Publicado em: 26/02/2021 03:00 Atualizado em: 26/02/2021 08:13

O rebuliço institucional dos últimos dias girou entre a possibilidade ou não de um parlamentar, no curso de seu mandato, propalar ameaças contra ministros do STF e ofensas à honorabilidade desse último, consignadas em vídeo divulgado na mídia social pelo próprio. Para a Corte, tal conduta desbordaria dos limites da liberdade de pensamento e manifestação assegurada aos parlamentares, não se subsumindo a tutela protetiva da imunidade que lhes irroga a Constituição Federal, a ensejar a decretação de prisão do deputado “blogueiro”.

Para a devida contextualização, digno de nota, de um lado, que a ordem de segregação, de início decretada monocraticamente, restou secundada à unanimidade pelo plenário do STF. De outro, que a Câmara dos Deputados, pelo expressivo placar de 364 x 130, sufragou o decreto prisional. Os Poderes da República, inicialmente em polos contrapostos, se posicionaram a seu tempo e modo e, convergentemente, sinalizaram à sociedade que enough is enough. Melhor assim, sem dúvidas!!

A questão envolvendo a prisão de parlamentar federal, bom que se diga, não chega a ser inusitada. Aliás, olhando-se apenas as legislaturas pós-redemocratização tem-se infelizmente uma sensação de déjà vu (para ficar apenas num, quem lembra do caso do Deputado Natan Donadon?).
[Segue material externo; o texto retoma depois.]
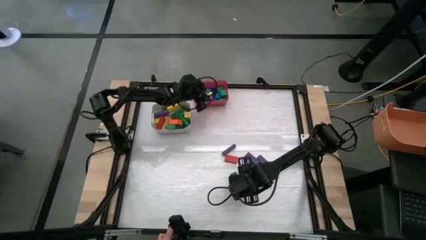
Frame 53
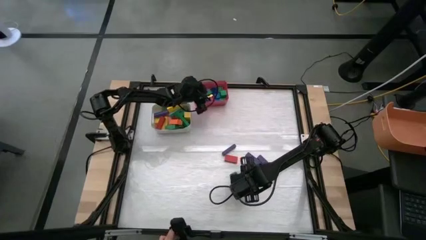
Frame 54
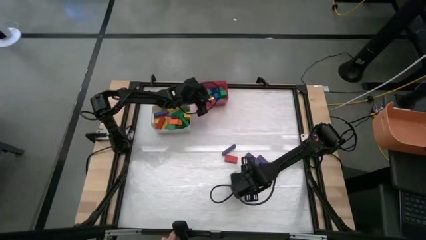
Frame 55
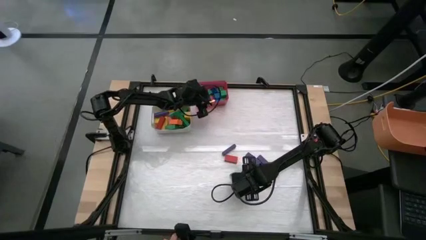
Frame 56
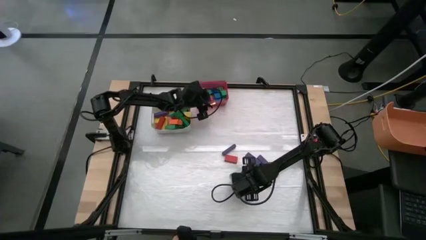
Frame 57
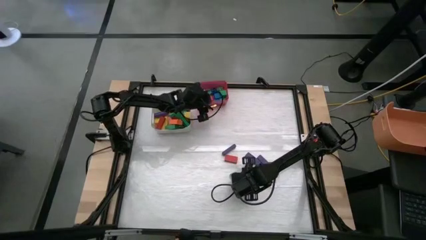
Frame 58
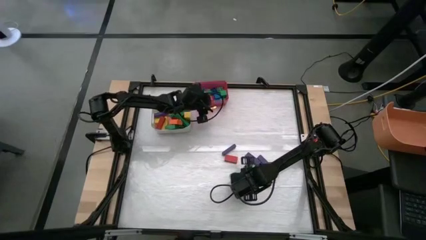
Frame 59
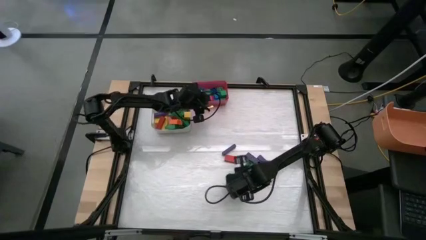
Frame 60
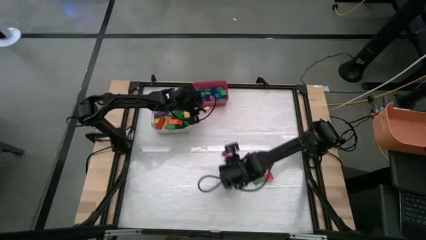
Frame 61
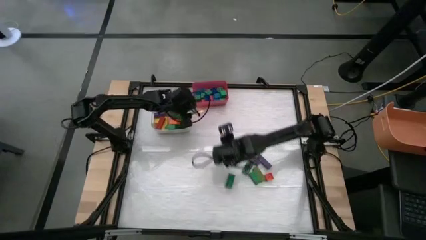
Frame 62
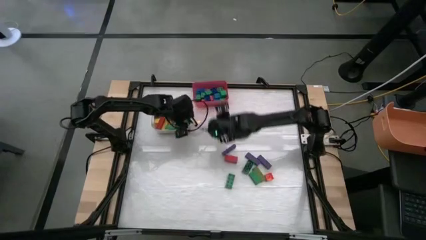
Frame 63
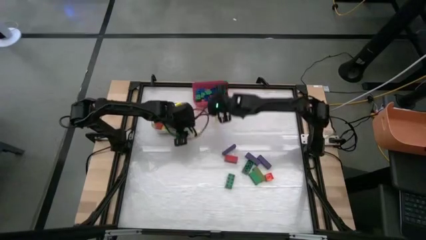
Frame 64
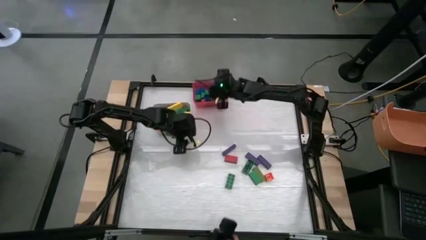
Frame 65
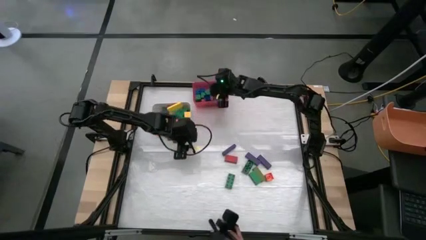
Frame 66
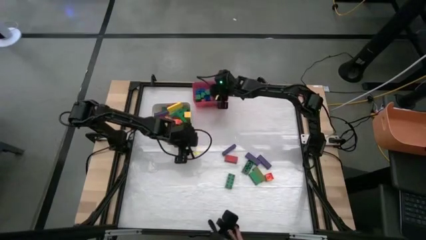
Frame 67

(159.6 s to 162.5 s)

A querela jurídica que faz fervilhar o imbróglio atual, entretanto, se prende à questão de saber se o agente político, investido de mandato popular, tem ínsito ao exercício deste último a prerrogativa de vocalizar e reverberar o que bem entenda, ou se esta prerrogativa é passível de ser circunscrita pelas balizas da legalidade e moralidade - e mesmo proporcionalidade -, eis que, no caso, a verborragia do parlamentar extravasou condutas tisnadas da pecha criminal.

Os “fatos são coisas teimosas, e quaisquer que sejam nossos desejos, nossas inclinações ou os ditames de nossas paixões, eles não podem alterar o estado de fatos e evidências”, já dizia John Adams (ex-presidente dos EUA). A frase, ducentenária, não poderia ecoar mais contemporânea....

Prerrogativa ou direito algum se reveste de viés absoluto, sendo elementar que a virtude repousa no equilíbrio. Se é certo que o constituinte desejou apetrechar o parlamentar dos meios para exprimir livremente suas opiniões e visões de mundo, sem recear admoestações ou perseguições, não é menos certo que seu desiderato não foi chancelar discursos de afronta e ofensa, menos ainda de ameaça, quer a autoridades legitimamente investidas, quer aos Poderes da República, cujo escorreito funcionamento reclama harmonia, em sede dos freios e contrapesos legalmente definidos.

Para além das paixões político-partidárias, o excesso incorrido pelo parlamentar parece evidente na medida em que, no seu vídeo agride a essência do Estado Democrático de Direito (fundado, tal qual o reconhecemos, na tripartição de Poderes), para em seguida, uma vez encarcerado, apelar - aos seus pares políticos - pela proteção que emana da própria democracia. Ou se reza para Deus, ou para o capeta....

Se as instituições merecem aprimoramento, os meios certamente são outros (o processo legislativo sendo o seu caminho mais natural).

Fiel à temperança que lhe é inata, a sabedoria popular já ensina a todos que a diferença entre o remédio e o veneno não é outra senão a dose....Mais cautela no andor......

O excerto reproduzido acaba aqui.